# Questions about building front towers



## swong46 (Feb 15, 2010)

Hey all, I come from car audio and am new to home audio. I am building front towers/shelf speakers. I have a set of car components that I want to use but they are 4 ohm.

I want to run the speakers off a home audio 5.1 receiver but I am on a budget for receivers that are 8 ohm stable. Are there any cheap 4 ohm stable receivers?

Now here is the MAIN question, can I get some 4 ohm speaker and add a crossover to it and run it in series with my other speaker making the total load 8 ohms? I will build its own chamber and what not. I just want to know if this is a bad idea or not?


Thanks!
Sheldon


----------



## jackfish (Dec 27, 2006)

There are many sources for speaker building information. It sounds like you need to start with something like http://www.amazon.com/Speaker-Building-201-Comprehensive-Course/dp/1882580451


----------



## RBTO (Jan 27, 2010)

Firstoff, check the specifications of the receiver you're using. A number of receivers are spec'd for 4 Ohm operation. If that isn't the case, yes, you _can_ run two speakers in series to total 8 Ohms, but the speakers should be similar to each other or you'll have additional complications in power handling, frequency response, etc. You can also place a 4 Ohm resistor in series with your 4 Ohm speaker to get 8 Ohms, but this is a last ditch effort since it will affect the damping of your speaker and thus affect its sound reproduction (also the 4 Ohm resistor will dissipate power that should be going to audio - this is not a good way to go).

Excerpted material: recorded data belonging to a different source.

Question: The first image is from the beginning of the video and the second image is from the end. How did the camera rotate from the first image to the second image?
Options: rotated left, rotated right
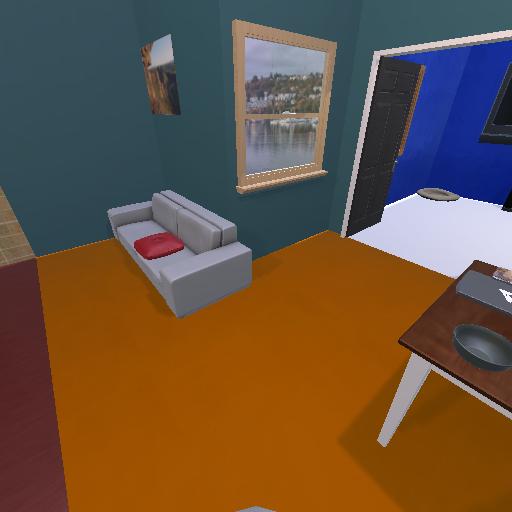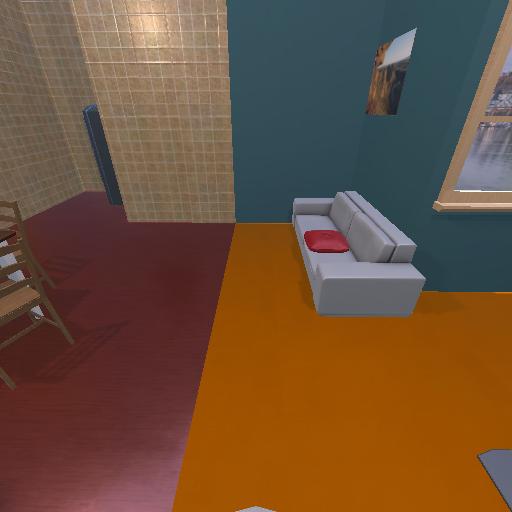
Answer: rotated left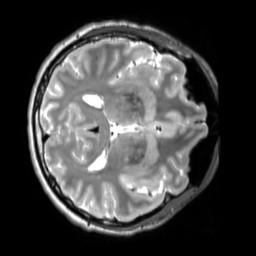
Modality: T2w
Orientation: axial
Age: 26
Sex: male
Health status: ill
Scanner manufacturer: siemens
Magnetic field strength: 3 T
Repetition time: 2.8 s
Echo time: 0.326 s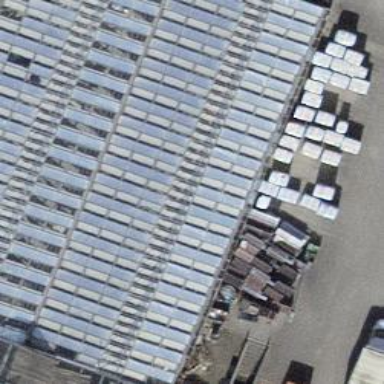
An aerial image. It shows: Greenhouse.

Assuming your receiver won't handle 4 Ohms, your best choice is to get 8 Ohm drivers or a new amp that will handle the 4 Ohms. Drivers might be the lower cost option (there are exceptions), but if your receiver/amplifier is old, it might be a good time to upgrade it. There are differences between car and audiophile speaker drivers, so going to different drivers could be worthwhile as well. The final choice is yours. Check with Parts Express for driver options.


----------



## swong46 (Feb 15, 2010)

Any recommendations to a cheaper receiver that is 4 ohm stable?

What I wanted to do was run a small 3-4 inch that barely uses any power and run it in series. Is that bad?


----------



## RBTO (Jan 27, 2010)

If you have regular drivers and connect them in series with a really small driver, you may have a problem with the efficiency differences. By the time the larger driver is sounding good, the smaller one may be distorting or be driven into clipping. Usually smaller speakers have power ratings less than their larger cousins, if you feed 10Watts to the pair, each would get 5W. The standard driver would be ok but if the smaller one is rated at 1W or so (might be typical), it is fried. No problem if both are the same speaker. Each would get 5W and assuming they are audiofile quality, that would not be a problem. It depends on what you chose for your "smaller speaker".

I don't have any suggestions for a low cost, 4 Ohm capable, receiver. Again, it depends on what you mean by "cheaper". Cheaper than what? There are 4 Ohm amplifiers (not receivers) available for under $100. You'll just have to shop around and look at the specifications before buying. Go to amazon and type in "Receiver" and you'll get lots of hits for a base to start from.


----------



## swong46 (Feb 15, 2010)

Any 4ohm stable receivers for $300 ish?
I looked at separate amps and they seem to be mostly 8 ohm aswell...


----------



## RBTO (Jan 27, 2010)

I'm way out of my league here. There are a lot of Home Theater Shack folks that can better advise you as to a good sub-$300 receiver, but go here:

http://www.crutchfield.com/g_10420/Receivers.html?tp=179

Crutchfield is one of many places to shop on-line and they offer a good tech support call-in line that you can use to get additional info. The Dennon DRA-297 receiver comes in well below your top dollar number and it handles 4 Ohm speakers. There are many others. You just need to find what you want in terms of features - then look into the manufacture's specifications to see if 4 Ohm output is supported. A lot of dealers list the specs along with the receiver that's being shown, but you can always Google the item for more info.


----------



## swong46 (Feb 15, 2010)

Any 5.1 receivers for around 300 ish? I asked crutchfield and shopped around, and they told me the cheapest one was Onkyo TX-SR707 which is 550-600 used. I know this stuff is expensive, but I just don't have the money now


----------



## swong46 (Feb 15, 2010)

I found the ONKYO TX DS797 and Denon AVR 2802 to be good. I only want to run 4 ohms on the front left/right channels and I can use 8 ohm for the rest of the speakers. Are any of those 2 good?


----------